[Data excerpts]
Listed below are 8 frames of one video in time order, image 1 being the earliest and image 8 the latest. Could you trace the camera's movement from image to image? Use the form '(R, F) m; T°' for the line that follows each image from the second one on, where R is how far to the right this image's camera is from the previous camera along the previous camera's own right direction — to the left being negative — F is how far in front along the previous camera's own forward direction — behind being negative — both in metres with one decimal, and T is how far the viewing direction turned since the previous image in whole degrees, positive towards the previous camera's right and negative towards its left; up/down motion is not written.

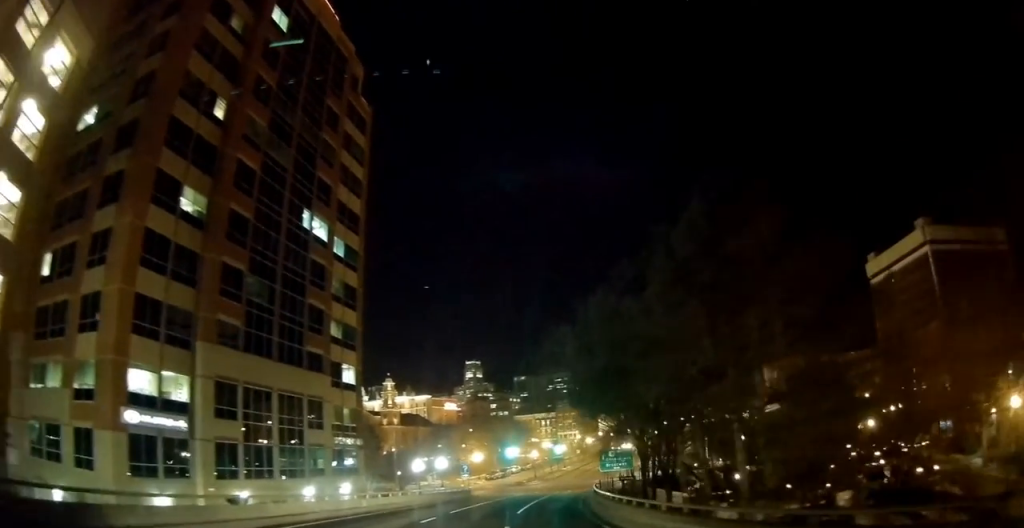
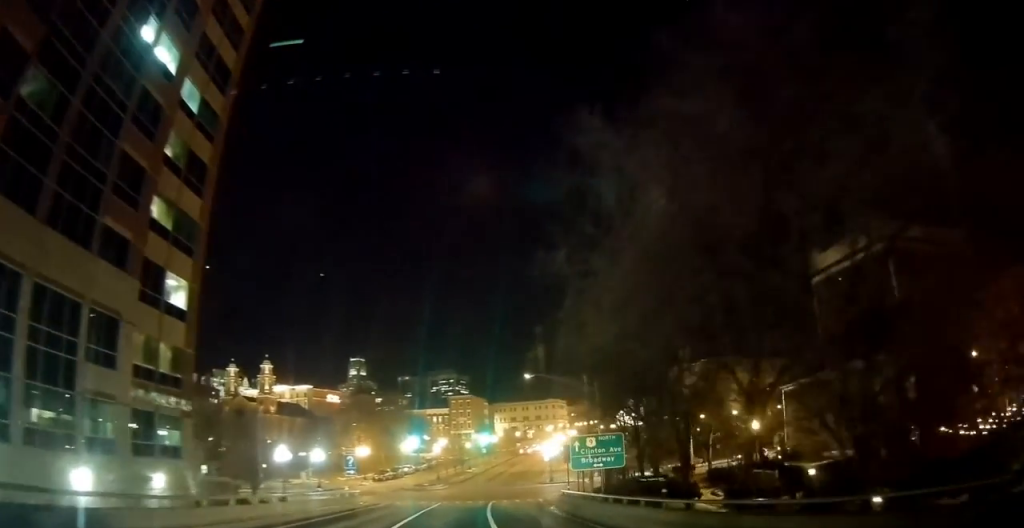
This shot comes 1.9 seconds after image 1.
(+2.6, +22.8) m; +14°
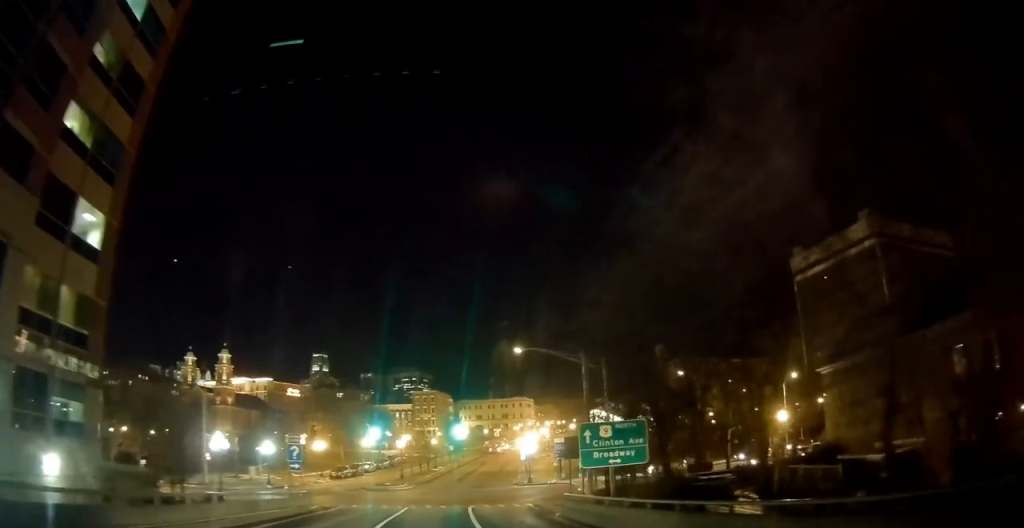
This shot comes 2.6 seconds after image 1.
(+0.6, +8.5) m; +4°
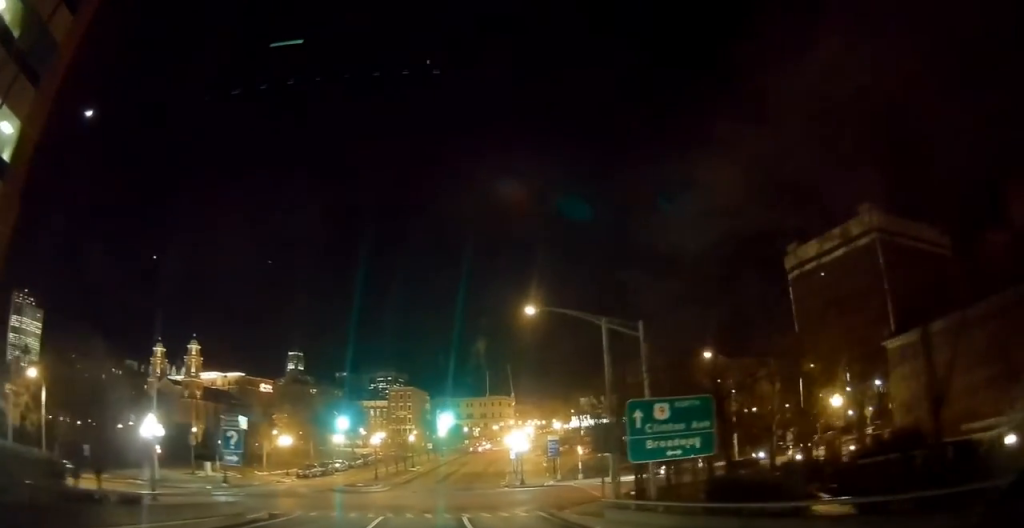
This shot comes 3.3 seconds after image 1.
(+0.3, +8.4) m; +2°
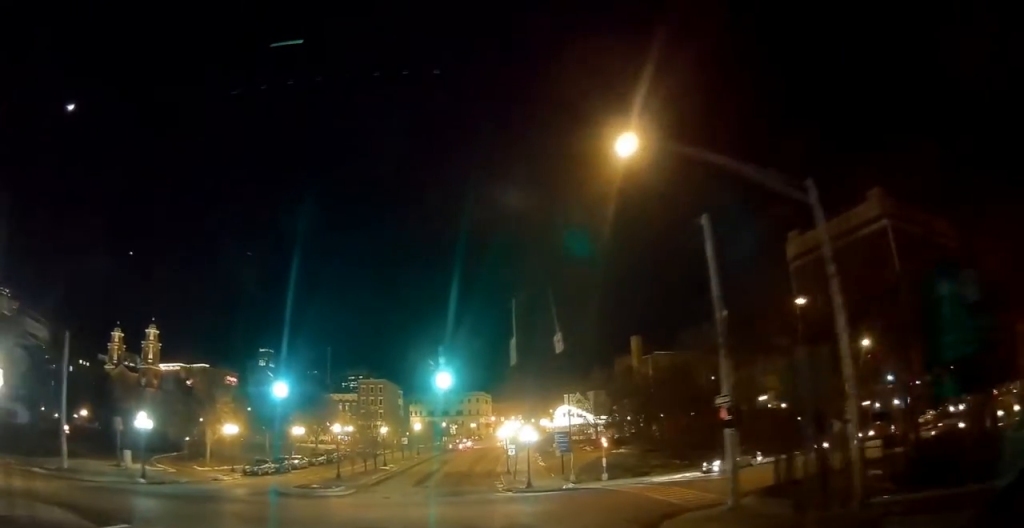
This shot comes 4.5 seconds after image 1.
(+0.1, +14.2) m; +3°
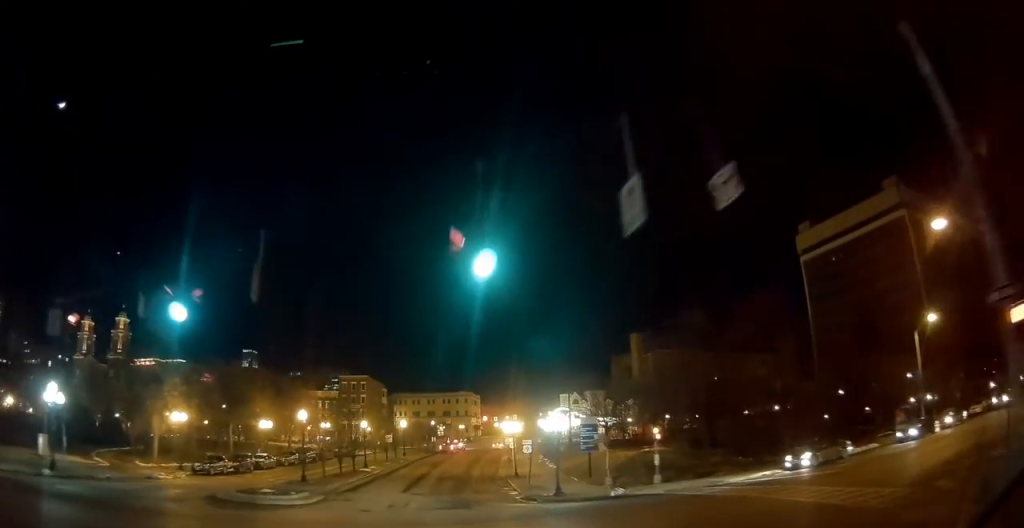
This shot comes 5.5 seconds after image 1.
(+0.4, +11.2) m; +4°
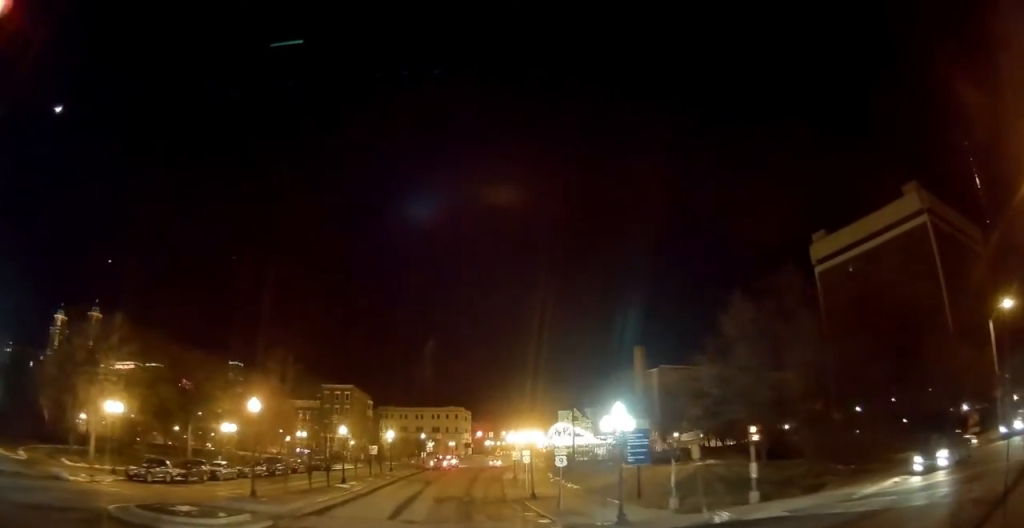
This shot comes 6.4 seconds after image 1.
(+0.4, +10.5) m; +3°
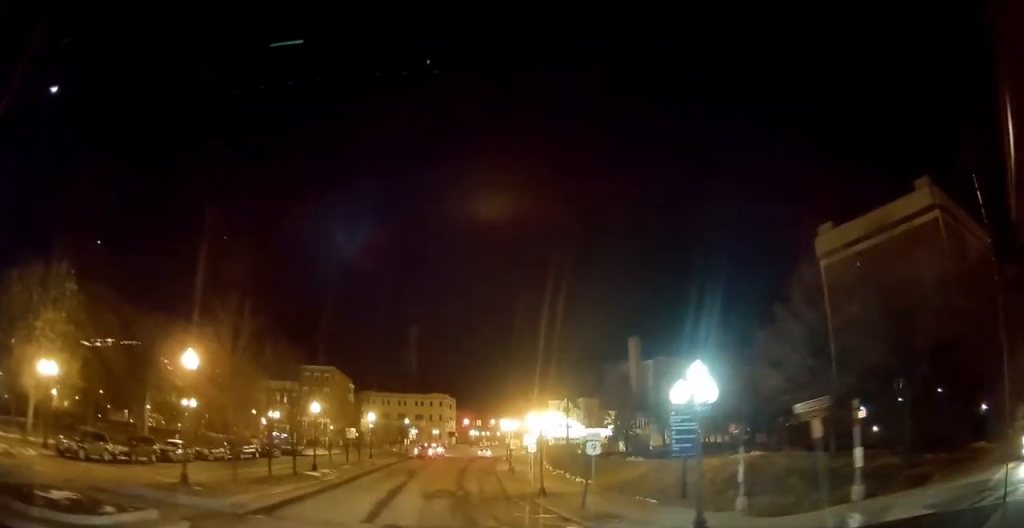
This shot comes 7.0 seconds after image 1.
(-0.1, +7.4) m; +2°

▸ Directions: The task requires that every line above be transcribed exactly, without the images.

▸ Answer area:
Listed below are 8 frames of one video in time order, image 1 being the earliest and image 8 the latest. Could you trace the camera's movement from image to image? Use the form '(R, F) m; T°' for the line that follows each image from the second one on, where R is how far to the right this image's camera is from the previous camera along the previous camera's own right direction — to the left being negative — F is how far in front along the previous camera's own forward direction — behind being negative — both in metres with one decimal, and T is how far the viewing direction turned since the previous image in whole degrees, positive towards the previous camera's right and negative towards its left; up/down motion is not written.

This shot comes 1.9 seconds after image 1.
(+2.6, +22.8) m; +14°
This shot comes 2.6 seconds after image 1.
(+0.6, +8.5) m; +4°
This shot comes 3.3 seconds after image 1.
(+0.3, +8.4) m; +2°
This shot comes 4.5 seconds after image 1.
(+0.1, +14.2) m; +3°
This shot comes 5.5 seconds after image 1.
(+0.4, +11.2) m; +4°
This shot comes 6.4 seconds after image 1.
(+0.4, +10.5) m; +3°
This shot comes 7.0 seconds after image 1.
(-0.1, +7.4) m; +2°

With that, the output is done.